David Bates (born June 5, 1957) is an American-born physician, biomedical informatician, and professor, who is internationally renowned for his work regarding the use of health information technology (HIT) to improve the safety and quality of healthcare, in particular by using Clinical Decision Support.[1] Dr. Bates has done especially important work in the area of medication safety.

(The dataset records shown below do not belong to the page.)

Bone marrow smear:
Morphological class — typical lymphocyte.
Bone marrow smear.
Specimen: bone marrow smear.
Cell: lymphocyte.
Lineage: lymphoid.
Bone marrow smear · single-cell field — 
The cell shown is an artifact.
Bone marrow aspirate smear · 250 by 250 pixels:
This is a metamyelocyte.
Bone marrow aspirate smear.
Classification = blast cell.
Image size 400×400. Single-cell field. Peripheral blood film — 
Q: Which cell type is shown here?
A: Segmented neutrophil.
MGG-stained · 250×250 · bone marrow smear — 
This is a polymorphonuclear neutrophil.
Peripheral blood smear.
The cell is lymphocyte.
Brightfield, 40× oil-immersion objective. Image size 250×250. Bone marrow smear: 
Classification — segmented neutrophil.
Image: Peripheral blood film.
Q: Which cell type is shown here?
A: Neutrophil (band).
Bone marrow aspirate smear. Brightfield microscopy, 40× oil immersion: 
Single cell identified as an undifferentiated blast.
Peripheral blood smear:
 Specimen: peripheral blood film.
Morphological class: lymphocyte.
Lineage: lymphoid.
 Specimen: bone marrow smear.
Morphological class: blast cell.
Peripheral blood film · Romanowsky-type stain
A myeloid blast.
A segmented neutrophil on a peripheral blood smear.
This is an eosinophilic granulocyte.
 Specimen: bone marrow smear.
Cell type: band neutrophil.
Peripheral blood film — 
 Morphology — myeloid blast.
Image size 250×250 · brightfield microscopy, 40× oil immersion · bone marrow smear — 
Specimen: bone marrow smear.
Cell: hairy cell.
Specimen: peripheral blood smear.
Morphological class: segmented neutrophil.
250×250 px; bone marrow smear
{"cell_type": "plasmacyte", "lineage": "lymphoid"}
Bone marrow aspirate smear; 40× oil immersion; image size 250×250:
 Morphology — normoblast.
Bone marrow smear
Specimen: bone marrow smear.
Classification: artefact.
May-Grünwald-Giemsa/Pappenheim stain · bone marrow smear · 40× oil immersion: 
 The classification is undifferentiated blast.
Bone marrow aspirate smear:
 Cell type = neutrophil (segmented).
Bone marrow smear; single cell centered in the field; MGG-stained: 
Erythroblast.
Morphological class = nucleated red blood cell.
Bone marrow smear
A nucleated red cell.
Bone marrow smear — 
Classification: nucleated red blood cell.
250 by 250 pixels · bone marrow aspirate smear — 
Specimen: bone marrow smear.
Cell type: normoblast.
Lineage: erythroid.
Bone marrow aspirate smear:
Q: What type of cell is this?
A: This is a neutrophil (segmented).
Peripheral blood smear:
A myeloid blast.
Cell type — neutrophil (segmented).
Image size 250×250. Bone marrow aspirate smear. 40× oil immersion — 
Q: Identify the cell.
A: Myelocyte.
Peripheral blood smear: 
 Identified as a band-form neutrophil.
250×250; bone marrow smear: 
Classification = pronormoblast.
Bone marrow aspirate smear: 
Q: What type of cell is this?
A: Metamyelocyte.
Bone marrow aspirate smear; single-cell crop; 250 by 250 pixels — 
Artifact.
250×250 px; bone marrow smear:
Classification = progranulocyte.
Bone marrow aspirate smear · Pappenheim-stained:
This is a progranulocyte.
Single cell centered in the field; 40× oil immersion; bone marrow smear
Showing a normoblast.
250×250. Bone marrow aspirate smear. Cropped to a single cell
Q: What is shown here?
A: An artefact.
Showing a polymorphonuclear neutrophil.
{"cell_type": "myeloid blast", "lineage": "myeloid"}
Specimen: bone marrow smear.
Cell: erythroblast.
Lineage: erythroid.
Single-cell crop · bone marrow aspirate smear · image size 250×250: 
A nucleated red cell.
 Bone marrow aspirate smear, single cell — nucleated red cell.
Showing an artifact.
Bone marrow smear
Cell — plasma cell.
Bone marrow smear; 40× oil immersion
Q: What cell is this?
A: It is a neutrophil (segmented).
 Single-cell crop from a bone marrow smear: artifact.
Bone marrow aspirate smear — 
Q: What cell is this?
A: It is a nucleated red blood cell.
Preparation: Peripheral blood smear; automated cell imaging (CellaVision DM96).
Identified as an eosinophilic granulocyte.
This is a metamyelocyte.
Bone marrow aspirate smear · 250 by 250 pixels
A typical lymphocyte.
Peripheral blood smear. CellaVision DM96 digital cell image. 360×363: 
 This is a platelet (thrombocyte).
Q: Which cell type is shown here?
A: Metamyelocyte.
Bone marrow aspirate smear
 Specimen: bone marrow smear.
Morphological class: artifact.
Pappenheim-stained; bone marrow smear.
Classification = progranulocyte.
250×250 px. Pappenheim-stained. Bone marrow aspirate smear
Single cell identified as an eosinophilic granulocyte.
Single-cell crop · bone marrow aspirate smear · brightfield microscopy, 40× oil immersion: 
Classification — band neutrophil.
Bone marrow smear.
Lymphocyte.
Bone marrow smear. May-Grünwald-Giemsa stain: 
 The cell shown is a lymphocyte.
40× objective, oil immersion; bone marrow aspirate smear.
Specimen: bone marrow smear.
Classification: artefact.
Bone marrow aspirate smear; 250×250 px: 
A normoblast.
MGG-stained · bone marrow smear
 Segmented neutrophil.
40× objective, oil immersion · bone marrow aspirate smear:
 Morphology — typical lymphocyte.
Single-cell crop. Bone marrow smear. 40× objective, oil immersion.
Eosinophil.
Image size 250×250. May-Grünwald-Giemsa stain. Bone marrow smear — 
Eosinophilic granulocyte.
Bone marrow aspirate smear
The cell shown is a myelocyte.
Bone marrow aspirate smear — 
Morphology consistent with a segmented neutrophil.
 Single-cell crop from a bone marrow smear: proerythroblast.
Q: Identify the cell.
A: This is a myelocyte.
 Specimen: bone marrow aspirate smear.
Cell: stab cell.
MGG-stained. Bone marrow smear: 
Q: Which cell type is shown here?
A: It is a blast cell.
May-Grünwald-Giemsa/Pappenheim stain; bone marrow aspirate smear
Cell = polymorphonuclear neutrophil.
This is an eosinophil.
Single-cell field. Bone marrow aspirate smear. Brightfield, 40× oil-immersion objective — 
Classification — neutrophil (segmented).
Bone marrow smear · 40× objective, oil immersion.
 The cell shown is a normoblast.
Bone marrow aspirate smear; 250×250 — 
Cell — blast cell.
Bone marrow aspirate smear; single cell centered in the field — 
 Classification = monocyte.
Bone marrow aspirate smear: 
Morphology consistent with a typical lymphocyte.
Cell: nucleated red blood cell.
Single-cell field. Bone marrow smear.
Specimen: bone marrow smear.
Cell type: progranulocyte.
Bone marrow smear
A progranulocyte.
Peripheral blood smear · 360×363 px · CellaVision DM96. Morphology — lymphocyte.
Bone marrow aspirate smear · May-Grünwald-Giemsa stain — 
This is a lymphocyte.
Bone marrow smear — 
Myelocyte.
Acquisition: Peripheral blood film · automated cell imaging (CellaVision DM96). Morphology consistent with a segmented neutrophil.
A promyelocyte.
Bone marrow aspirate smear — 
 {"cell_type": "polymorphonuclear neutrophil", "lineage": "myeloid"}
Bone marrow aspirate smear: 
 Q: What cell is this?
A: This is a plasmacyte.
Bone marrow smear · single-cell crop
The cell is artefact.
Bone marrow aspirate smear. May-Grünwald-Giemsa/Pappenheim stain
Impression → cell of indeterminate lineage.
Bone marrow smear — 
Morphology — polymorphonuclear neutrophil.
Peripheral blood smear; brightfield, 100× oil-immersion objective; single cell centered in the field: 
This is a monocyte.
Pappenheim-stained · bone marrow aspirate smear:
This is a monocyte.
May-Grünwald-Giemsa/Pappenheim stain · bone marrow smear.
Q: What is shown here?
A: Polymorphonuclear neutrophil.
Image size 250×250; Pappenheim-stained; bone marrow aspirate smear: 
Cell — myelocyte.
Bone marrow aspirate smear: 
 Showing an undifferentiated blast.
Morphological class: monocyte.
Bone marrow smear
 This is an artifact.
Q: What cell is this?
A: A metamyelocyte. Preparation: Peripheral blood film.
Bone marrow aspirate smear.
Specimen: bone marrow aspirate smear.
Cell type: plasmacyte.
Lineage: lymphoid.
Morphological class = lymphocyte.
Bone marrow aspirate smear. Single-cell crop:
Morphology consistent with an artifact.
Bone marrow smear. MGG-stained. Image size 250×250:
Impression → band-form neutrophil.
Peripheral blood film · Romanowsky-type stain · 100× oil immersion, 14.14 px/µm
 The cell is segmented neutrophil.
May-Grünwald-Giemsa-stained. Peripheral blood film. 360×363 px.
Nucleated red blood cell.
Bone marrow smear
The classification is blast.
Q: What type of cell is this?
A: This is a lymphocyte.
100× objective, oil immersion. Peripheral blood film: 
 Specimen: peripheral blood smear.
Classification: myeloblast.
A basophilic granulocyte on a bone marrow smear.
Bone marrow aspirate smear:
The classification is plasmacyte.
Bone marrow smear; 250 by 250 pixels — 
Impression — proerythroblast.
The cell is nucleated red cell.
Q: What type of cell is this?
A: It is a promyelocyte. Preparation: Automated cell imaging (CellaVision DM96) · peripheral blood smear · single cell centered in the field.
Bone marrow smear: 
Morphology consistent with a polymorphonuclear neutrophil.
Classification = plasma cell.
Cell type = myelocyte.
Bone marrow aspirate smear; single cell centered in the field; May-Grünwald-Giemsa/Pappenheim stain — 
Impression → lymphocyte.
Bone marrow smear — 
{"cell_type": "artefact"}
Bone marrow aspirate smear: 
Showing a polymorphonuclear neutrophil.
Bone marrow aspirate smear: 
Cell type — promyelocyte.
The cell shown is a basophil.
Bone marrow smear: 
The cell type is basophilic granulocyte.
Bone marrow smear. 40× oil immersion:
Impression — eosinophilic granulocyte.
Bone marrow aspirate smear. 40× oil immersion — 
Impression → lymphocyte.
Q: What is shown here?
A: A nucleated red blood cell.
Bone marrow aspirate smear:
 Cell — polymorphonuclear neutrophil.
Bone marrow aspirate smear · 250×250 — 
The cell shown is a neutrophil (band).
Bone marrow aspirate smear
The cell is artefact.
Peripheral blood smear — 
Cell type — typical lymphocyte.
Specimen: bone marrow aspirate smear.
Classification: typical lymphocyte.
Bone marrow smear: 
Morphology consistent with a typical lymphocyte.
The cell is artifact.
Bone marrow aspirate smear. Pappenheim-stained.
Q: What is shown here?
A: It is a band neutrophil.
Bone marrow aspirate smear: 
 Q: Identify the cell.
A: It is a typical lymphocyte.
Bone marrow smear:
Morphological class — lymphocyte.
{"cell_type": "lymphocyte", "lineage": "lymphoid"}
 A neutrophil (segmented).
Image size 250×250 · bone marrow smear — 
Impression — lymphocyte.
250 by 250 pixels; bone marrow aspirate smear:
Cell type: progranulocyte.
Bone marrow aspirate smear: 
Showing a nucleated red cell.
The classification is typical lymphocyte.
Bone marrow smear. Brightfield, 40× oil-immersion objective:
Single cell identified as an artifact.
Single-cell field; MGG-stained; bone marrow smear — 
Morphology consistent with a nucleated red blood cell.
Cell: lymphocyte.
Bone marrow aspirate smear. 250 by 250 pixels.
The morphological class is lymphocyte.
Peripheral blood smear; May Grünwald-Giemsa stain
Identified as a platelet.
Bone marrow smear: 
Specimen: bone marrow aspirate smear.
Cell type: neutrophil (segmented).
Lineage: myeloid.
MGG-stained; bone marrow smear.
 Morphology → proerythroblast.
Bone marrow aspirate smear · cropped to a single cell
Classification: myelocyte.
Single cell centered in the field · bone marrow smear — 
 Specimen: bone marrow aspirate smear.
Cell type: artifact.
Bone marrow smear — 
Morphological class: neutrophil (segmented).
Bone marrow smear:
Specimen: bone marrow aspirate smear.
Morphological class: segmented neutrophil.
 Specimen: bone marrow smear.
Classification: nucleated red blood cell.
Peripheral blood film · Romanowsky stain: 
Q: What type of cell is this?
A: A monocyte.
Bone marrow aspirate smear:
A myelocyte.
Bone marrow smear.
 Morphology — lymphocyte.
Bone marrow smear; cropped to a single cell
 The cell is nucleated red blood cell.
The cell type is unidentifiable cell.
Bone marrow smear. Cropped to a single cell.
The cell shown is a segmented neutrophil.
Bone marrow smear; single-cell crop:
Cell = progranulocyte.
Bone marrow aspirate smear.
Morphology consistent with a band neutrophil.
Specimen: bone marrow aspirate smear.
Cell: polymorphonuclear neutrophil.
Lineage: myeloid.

He began by describing the epidemiology of harm caused by medications, first in hospitalized patients[2] and then in other settings such as the home[3] and nursing homes.[4][5] Subsequently, he demonstrated that by implementing computerized physician order entry (CPOE), medication safety could be dramatically improved in hospitals.[6] This work led the Leapfrog Group to call CPOE one of the four changes that would most improve the safety of U.S. healthcare.[7] It also helped hospitals to justify investing in electronic health records and in particular, CPOE.[8] Throughout his career, Bates has published over 600 peer reviewed articles and is the most cited researcher in the fields of both patient safety and biomedical informatics, with an h-index of 115.[9] In a 2013 analysis published by the European Journal of Clinical Investigation, he ranked among the top 400 living biomedical researchers of any type.[10] He is currently Editor of the Journal of Patient Safety.[5]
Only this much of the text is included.